陈飞那个狭小但充满烟火气的房间,那张铺着干净棉被的床,那顿简单甚至有些难吃的早餐……那些画面不受控制地在她脑海中闪现。
那是一种她几乎已经忘记了的、属于“正常人”的生活。简单,粗糙,却真实。
而她现在所处的这个世界,奢华,精致,却每一步都踩在刀刃上,随时可能万劫不复。
她究竟是渴望那份即将到来的、用欺骗和危险换取的“奖赏”,还是……在贪恋那短暂偷来的、虚假的安宁?
柳梦璃将脸埋进柔软的靠垫,深深地吸了一口气,空气中弥漫着酒店特供的昂贵香氛,却让她感到一阵莫名的恶心。
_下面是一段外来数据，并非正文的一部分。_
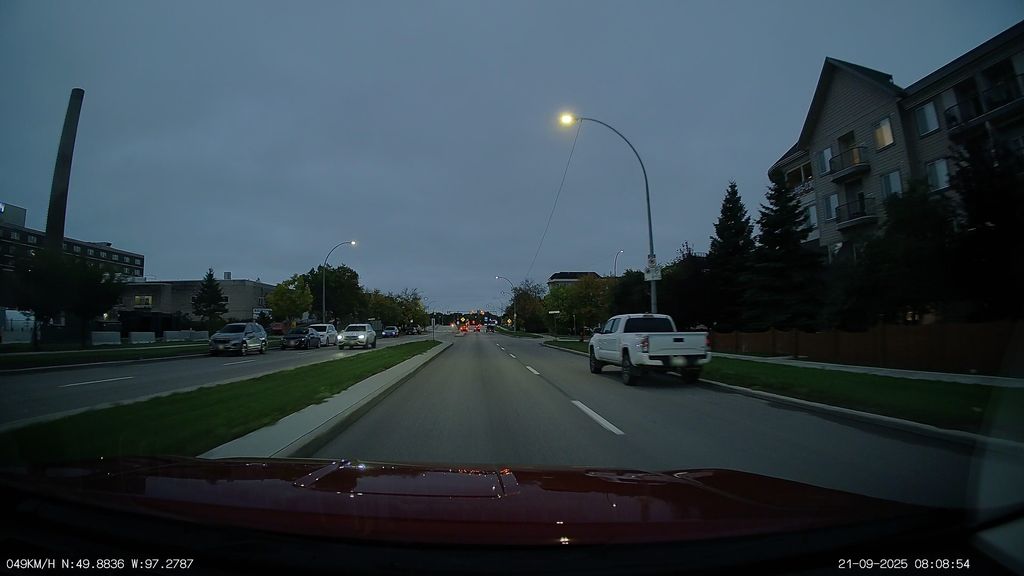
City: winnipeg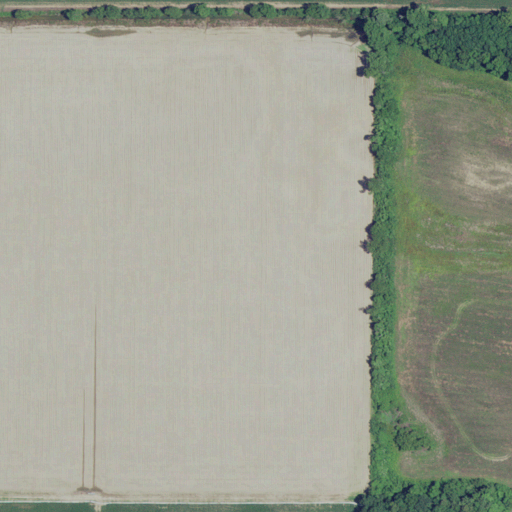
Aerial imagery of ridge(s) in Missouri named Sylvan Ridge containing cultivated crops and woody wetlands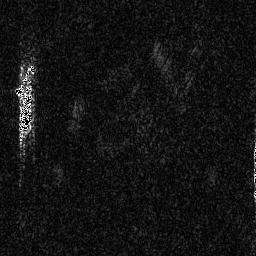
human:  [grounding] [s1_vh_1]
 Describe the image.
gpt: In the satellite image, there is  <ref>1 large ship </ref> <box>[[5, 24, 14, 54, 0]]</box> located at left.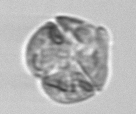
Label: Karenia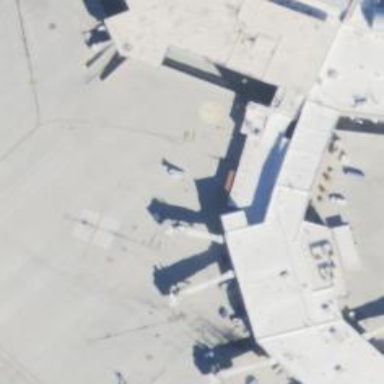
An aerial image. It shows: Airport gate.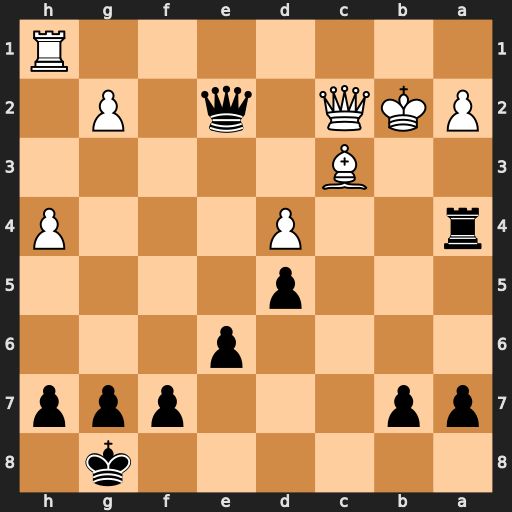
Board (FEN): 6k1/pp3ppp/4p3/3p4/r2P3P/2B5/PKQ1q1P1/7R
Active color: b
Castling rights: -
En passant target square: -
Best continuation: Rxa2+ Kxa2 Qxc2+
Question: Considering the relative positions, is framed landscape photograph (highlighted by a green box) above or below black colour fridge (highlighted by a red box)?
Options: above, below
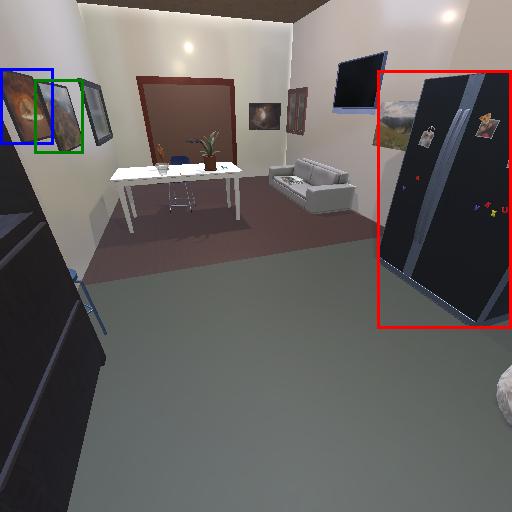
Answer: above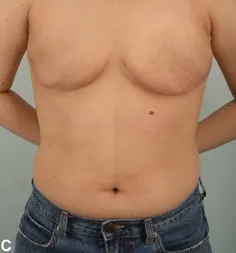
C
) Postoperative 6-month frontal view.
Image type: medical_photograph (other_medical_photograph)
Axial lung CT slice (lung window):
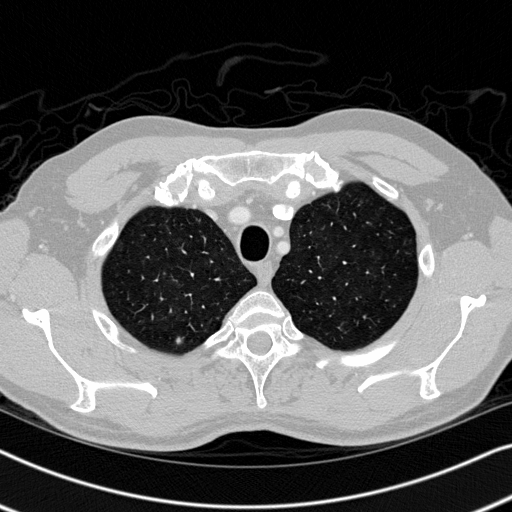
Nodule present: yes
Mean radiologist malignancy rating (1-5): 2.75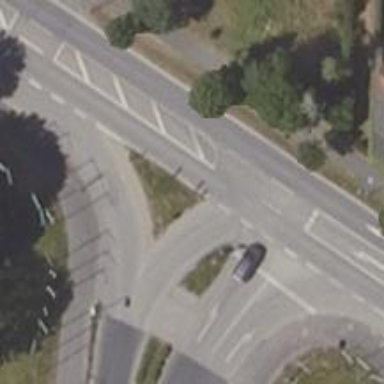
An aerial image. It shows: Primary road with asphalt surface.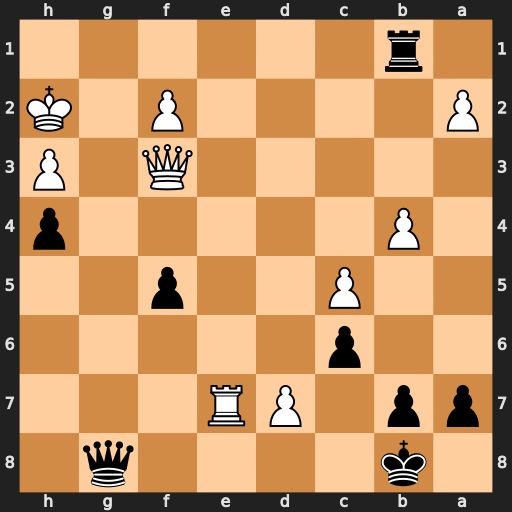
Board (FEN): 1k4q1/pp1PR3/2p5/2P2p2/1P5p/5Q1P/P4P1K/1r6
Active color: b
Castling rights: -
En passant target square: -
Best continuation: Qg1#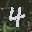
Label: 4
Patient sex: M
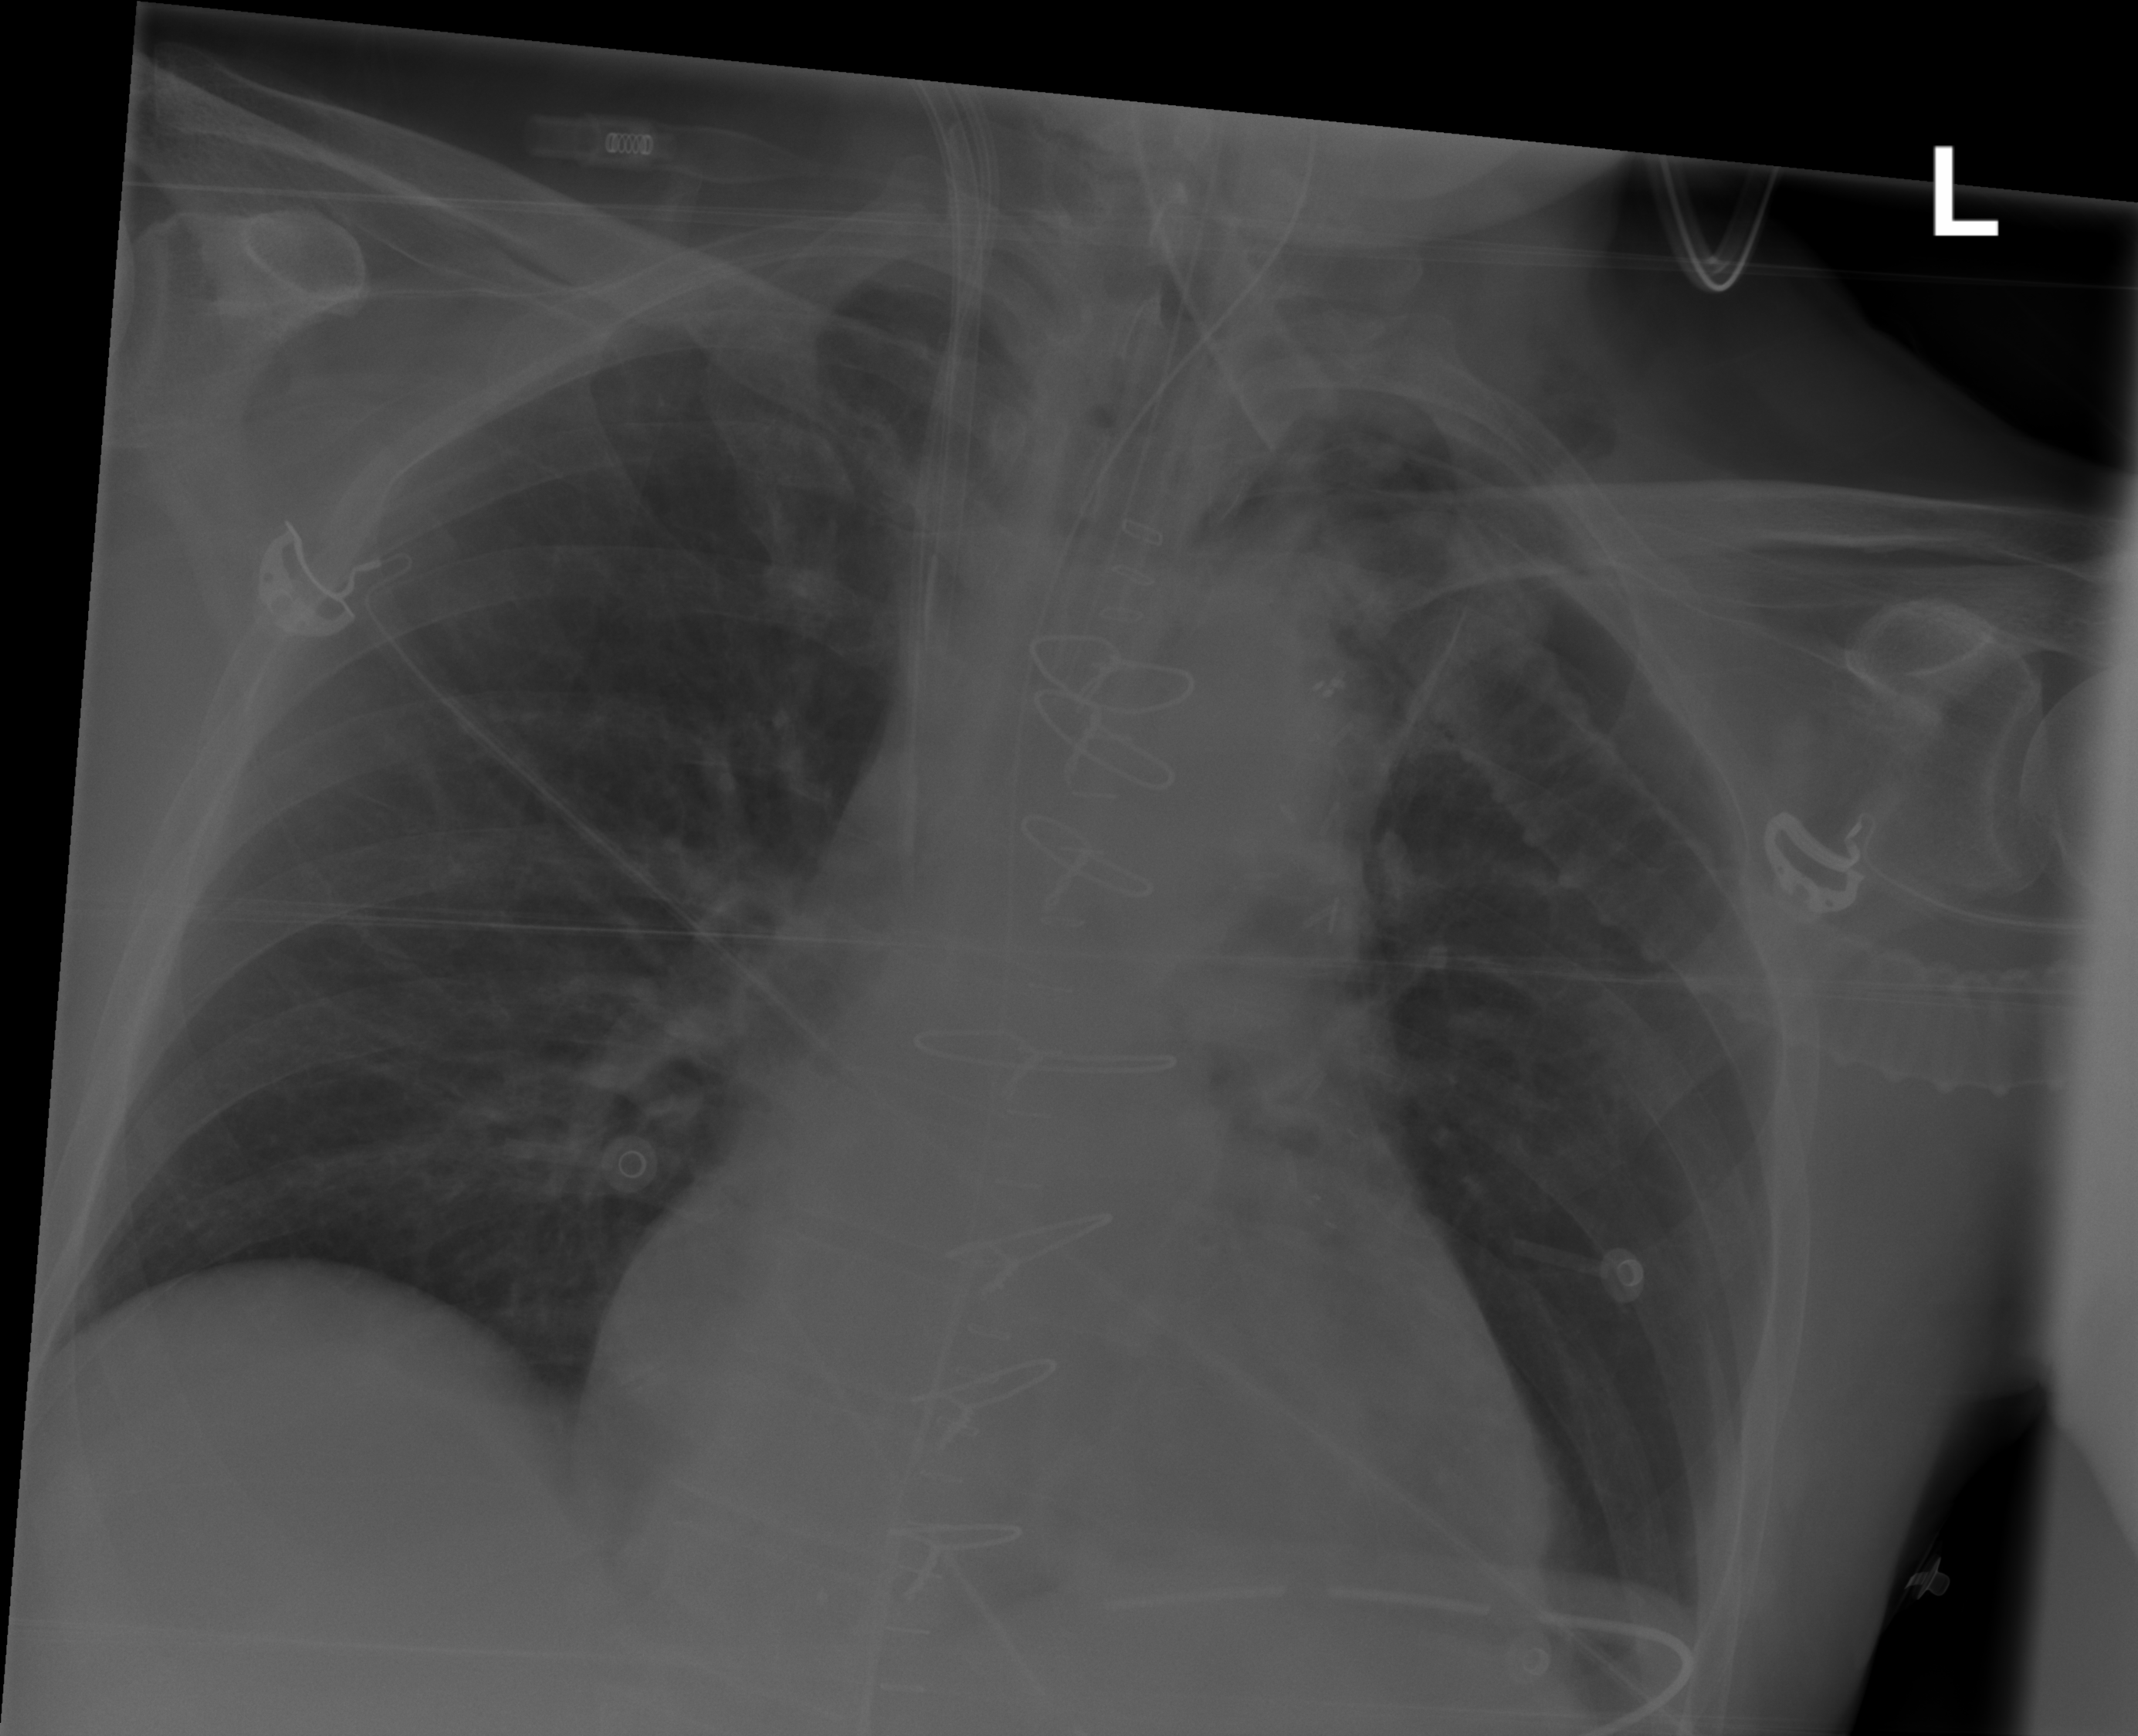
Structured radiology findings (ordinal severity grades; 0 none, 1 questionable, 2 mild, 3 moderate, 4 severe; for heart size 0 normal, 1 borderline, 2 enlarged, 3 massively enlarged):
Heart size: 2
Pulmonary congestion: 0
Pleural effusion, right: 0
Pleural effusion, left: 0
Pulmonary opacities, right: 0
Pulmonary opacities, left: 0
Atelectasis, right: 1
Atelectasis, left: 1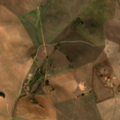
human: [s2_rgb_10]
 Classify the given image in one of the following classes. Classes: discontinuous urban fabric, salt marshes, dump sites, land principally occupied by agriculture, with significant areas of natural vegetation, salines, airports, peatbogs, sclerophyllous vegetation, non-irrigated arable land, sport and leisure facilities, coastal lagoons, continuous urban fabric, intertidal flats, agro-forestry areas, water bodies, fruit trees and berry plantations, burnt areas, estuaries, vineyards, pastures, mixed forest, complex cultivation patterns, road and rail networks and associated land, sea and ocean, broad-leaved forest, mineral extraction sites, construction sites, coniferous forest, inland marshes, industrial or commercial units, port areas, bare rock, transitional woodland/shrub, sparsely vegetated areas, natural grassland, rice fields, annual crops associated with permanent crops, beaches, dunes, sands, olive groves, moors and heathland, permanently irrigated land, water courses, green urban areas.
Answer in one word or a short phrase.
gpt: non-irrigated arable land, annual crops associated with permanent crops, transitional woodland/shrub
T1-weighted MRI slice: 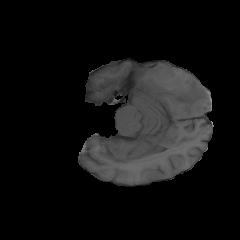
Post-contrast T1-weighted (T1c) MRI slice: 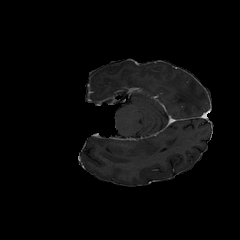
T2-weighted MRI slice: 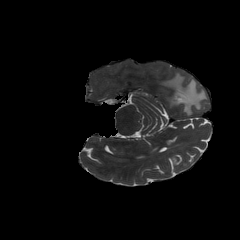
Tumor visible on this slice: yes

她像一只被圈养在华丽笼中的雀鸟,习惯了金丝笼的束缚,偶尔窥见窗外天空的一角,便心生向往,却忘了自己早已失去了飞翔的能力,甚至忘记了天空之外,可能还有猎枪的准星,早已悄然瞄准。
山雨,欲来。风,已满楼。
而她,这只归巢的雀,是能等到期盼已久的食饵,还是……即将被卷入一场自身难保的滔天巨浪?
套房内,夏晚晴依旧在兴奋地规划着未来。
套房外,汉东省这张巨大的天网,正在祁同伟冷静的指挥下,一丝丝,一寸寸,悄然收紧。
目标,直指这间套房,以及套房里,那两个仍在醉生梦死、对迫近的命运浑然不觉的美丽女人。